_Goal of the exercise_
Could you return every line of the records below that contains the word "What"?

_Data for analysis_
..........

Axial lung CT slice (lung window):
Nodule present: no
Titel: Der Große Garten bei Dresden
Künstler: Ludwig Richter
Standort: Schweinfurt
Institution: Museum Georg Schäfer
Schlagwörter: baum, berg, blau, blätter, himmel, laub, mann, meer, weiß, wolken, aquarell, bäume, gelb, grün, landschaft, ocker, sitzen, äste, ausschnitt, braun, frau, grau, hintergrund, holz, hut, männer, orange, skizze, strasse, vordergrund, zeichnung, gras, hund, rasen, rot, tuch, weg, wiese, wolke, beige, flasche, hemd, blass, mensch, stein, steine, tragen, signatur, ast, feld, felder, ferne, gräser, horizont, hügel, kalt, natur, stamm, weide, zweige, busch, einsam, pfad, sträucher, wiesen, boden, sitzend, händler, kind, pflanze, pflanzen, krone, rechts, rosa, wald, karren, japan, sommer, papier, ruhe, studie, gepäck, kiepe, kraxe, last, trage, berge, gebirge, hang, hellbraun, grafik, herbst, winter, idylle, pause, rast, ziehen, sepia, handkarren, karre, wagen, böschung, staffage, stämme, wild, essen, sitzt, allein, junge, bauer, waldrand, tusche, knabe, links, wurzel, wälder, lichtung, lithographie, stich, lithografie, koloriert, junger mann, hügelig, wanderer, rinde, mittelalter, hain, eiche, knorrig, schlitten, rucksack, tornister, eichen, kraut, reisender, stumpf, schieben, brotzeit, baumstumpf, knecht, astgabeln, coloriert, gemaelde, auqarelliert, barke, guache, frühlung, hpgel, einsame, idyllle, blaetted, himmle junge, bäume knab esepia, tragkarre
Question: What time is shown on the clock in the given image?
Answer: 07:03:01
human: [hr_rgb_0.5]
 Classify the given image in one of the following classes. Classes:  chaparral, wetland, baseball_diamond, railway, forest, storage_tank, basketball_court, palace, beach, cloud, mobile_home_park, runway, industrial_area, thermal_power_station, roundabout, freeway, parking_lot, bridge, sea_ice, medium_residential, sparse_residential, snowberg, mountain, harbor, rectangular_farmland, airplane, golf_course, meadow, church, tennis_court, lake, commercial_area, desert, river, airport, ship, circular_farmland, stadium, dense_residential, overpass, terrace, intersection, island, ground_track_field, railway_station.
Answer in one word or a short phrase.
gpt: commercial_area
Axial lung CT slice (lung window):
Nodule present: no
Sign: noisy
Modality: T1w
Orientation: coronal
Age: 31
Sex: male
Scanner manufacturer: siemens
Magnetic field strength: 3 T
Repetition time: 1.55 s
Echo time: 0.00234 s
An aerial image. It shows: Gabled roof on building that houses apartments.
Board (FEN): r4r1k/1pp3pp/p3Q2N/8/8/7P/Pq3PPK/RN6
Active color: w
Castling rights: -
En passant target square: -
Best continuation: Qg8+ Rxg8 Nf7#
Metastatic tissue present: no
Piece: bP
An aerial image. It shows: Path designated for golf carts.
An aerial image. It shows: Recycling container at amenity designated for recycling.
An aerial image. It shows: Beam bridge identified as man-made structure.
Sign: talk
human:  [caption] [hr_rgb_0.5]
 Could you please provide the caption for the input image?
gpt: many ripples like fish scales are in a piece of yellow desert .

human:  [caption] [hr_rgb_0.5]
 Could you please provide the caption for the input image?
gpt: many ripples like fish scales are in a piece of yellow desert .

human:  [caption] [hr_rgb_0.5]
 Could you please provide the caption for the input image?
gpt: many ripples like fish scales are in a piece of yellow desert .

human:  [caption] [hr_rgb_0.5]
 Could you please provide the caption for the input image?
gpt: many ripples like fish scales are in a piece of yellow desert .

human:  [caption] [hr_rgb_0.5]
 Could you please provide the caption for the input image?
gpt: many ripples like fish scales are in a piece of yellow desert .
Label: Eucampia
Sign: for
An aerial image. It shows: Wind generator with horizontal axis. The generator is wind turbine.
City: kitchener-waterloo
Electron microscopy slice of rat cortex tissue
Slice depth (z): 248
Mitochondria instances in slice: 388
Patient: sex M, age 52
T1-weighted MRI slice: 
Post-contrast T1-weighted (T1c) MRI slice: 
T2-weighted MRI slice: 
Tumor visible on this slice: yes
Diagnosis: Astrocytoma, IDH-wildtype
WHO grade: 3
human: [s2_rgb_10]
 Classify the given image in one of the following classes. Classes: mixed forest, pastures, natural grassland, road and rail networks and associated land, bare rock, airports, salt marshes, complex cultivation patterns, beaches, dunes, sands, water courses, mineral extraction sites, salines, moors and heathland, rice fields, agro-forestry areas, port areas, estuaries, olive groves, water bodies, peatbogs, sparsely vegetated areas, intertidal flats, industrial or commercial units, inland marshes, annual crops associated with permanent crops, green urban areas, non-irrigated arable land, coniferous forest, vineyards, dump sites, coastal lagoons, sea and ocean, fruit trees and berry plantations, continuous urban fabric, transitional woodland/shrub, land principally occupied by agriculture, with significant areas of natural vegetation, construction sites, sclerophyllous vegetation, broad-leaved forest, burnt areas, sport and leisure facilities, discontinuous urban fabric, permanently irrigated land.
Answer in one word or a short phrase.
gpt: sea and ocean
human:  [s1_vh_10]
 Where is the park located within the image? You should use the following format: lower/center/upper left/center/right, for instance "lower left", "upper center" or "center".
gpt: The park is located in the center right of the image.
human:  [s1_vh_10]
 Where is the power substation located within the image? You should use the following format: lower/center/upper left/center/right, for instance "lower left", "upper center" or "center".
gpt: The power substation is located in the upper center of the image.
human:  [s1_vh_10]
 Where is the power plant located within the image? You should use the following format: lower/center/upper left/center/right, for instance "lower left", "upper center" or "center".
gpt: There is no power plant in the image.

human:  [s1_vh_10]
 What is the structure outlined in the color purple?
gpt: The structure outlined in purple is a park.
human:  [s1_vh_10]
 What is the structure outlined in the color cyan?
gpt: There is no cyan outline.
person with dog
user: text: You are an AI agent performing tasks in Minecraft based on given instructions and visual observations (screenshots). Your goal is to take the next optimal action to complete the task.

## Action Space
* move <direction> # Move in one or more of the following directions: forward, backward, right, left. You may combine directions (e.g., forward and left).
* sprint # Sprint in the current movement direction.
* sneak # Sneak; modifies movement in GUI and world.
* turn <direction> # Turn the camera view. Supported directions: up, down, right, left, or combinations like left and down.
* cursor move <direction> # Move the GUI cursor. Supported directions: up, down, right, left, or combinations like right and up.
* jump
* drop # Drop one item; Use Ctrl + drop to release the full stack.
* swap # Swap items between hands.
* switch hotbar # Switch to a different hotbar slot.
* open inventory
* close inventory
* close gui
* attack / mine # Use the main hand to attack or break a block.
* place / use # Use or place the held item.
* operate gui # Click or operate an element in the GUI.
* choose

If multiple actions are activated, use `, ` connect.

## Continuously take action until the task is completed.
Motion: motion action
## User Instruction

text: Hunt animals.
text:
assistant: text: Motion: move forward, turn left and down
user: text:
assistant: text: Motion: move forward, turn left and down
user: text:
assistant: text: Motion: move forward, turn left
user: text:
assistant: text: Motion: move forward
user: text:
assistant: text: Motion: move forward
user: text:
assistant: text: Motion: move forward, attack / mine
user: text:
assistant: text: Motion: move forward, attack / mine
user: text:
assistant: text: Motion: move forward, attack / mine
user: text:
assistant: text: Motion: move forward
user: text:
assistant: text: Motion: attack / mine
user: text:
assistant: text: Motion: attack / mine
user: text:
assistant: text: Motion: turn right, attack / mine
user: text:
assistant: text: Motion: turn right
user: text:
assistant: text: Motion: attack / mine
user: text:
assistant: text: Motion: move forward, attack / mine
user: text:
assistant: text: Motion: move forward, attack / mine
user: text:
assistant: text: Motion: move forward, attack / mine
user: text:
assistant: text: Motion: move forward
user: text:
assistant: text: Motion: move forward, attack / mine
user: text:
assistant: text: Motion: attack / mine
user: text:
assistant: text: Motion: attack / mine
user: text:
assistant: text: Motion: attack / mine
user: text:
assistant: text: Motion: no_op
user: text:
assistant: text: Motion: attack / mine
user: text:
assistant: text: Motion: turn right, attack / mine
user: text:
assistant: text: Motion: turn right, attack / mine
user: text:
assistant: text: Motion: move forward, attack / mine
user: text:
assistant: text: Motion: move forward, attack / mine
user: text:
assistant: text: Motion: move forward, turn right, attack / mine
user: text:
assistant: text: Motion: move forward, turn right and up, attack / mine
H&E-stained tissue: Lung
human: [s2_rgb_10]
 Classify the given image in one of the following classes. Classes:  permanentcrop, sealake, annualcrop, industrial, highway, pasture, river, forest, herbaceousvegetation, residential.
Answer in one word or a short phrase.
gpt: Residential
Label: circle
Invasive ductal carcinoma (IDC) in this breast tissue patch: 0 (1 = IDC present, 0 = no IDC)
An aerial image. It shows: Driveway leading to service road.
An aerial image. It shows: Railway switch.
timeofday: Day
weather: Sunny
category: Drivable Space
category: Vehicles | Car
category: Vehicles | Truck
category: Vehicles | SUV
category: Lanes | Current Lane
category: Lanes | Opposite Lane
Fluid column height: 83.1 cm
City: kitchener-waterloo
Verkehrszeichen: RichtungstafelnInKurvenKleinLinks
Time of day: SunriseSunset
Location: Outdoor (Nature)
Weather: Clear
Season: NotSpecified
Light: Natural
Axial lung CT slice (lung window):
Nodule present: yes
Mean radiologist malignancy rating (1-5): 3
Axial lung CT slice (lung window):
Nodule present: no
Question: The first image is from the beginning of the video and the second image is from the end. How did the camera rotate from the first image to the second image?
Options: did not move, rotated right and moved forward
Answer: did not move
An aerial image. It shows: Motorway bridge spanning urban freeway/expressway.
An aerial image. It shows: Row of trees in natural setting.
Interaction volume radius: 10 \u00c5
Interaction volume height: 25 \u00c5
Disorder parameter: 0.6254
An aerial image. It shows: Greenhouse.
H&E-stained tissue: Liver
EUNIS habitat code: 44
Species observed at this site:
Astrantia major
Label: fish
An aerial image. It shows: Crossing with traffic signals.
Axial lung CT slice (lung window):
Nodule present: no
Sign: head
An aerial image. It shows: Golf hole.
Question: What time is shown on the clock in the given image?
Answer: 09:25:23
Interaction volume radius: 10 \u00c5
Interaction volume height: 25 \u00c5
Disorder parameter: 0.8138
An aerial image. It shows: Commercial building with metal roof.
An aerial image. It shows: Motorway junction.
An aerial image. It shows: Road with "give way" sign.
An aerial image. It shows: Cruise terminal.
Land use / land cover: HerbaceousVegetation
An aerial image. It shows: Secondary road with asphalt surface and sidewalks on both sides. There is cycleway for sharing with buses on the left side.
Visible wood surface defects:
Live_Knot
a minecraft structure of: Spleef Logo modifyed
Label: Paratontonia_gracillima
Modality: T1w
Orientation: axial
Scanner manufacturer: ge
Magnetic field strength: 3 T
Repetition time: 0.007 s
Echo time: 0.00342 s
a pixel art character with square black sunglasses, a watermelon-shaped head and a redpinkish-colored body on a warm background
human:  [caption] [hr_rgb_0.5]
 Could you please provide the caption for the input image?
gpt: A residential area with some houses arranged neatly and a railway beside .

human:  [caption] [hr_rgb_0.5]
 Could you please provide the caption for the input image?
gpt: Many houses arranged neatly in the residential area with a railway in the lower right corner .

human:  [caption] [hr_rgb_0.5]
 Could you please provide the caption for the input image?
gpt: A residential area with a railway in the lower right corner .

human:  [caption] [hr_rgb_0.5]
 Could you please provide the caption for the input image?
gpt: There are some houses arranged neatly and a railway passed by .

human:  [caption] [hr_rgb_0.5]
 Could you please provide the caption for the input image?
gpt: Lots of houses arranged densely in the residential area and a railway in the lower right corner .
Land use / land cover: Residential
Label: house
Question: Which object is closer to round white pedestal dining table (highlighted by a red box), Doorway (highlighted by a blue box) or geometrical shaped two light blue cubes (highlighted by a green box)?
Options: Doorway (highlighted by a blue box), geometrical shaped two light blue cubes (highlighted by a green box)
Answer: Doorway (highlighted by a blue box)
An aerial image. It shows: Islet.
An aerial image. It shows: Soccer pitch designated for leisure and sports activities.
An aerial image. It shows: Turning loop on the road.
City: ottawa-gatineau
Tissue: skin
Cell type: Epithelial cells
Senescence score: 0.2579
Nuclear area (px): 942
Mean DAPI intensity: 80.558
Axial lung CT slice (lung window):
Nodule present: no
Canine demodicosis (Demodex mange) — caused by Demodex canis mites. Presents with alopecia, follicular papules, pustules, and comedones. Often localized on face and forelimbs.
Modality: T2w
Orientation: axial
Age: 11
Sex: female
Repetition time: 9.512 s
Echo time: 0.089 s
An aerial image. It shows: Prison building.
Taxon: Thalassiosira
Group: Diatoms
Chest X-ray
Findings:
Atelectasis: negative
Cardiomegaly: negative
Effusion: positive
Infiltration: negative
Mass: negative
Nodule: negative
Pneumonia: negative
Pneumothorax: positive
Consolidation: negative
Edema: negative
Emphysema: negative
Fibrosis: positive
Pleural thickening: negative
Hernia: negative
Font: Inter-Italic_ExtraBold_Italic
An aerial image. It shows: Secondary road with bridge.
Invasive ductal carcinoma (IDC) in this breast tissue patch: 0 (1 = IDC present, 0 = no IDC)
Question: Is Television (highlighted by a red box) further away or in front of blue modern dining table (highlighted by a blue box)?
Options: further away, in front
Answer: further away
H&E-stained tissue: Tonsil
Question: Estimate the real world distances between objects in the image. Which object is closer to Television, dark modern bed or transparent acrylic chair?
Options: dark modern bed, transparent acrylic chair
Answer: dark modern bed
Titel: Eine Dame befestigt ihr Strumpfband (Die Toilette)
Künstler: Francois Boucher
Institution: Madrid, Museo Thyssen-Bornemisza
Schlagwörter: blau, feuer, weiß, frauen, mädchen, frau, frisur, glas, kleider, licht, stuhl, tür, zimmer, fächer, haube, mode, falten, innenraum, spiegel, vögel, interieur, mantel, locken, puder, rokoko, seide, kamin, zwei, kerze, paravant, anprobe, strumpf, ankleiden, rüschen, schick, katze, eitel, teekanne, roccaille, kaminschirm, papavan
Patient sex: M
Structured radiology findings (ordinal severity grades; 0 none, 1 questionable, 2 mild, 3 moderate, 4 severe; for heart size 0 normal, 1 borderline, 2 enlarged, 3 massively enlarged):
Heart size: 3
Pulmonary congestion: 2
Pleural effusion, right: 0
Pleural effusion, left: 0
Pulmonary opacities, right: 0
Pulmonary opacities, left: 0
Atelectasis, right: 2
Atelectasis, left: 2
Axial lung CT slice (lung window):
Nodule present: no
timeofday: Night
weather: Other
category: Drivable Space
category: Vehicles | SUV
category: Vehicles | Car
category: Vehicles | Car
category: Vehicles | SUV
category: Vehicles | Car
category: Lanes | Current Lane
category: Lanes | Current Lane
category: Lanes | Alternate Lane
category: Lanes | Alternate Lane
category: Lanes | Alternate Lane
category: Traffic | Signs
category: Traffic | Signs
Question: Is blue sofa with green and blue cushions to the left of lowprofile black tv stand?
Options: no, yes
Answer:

..........

_Worked solution_
Question: What time is shown on the clock in the given image?
 What is the structure outlined in the color purple?
 What is the structure outlined in the color cyan?
Question: What time is shown on the clock in the given image?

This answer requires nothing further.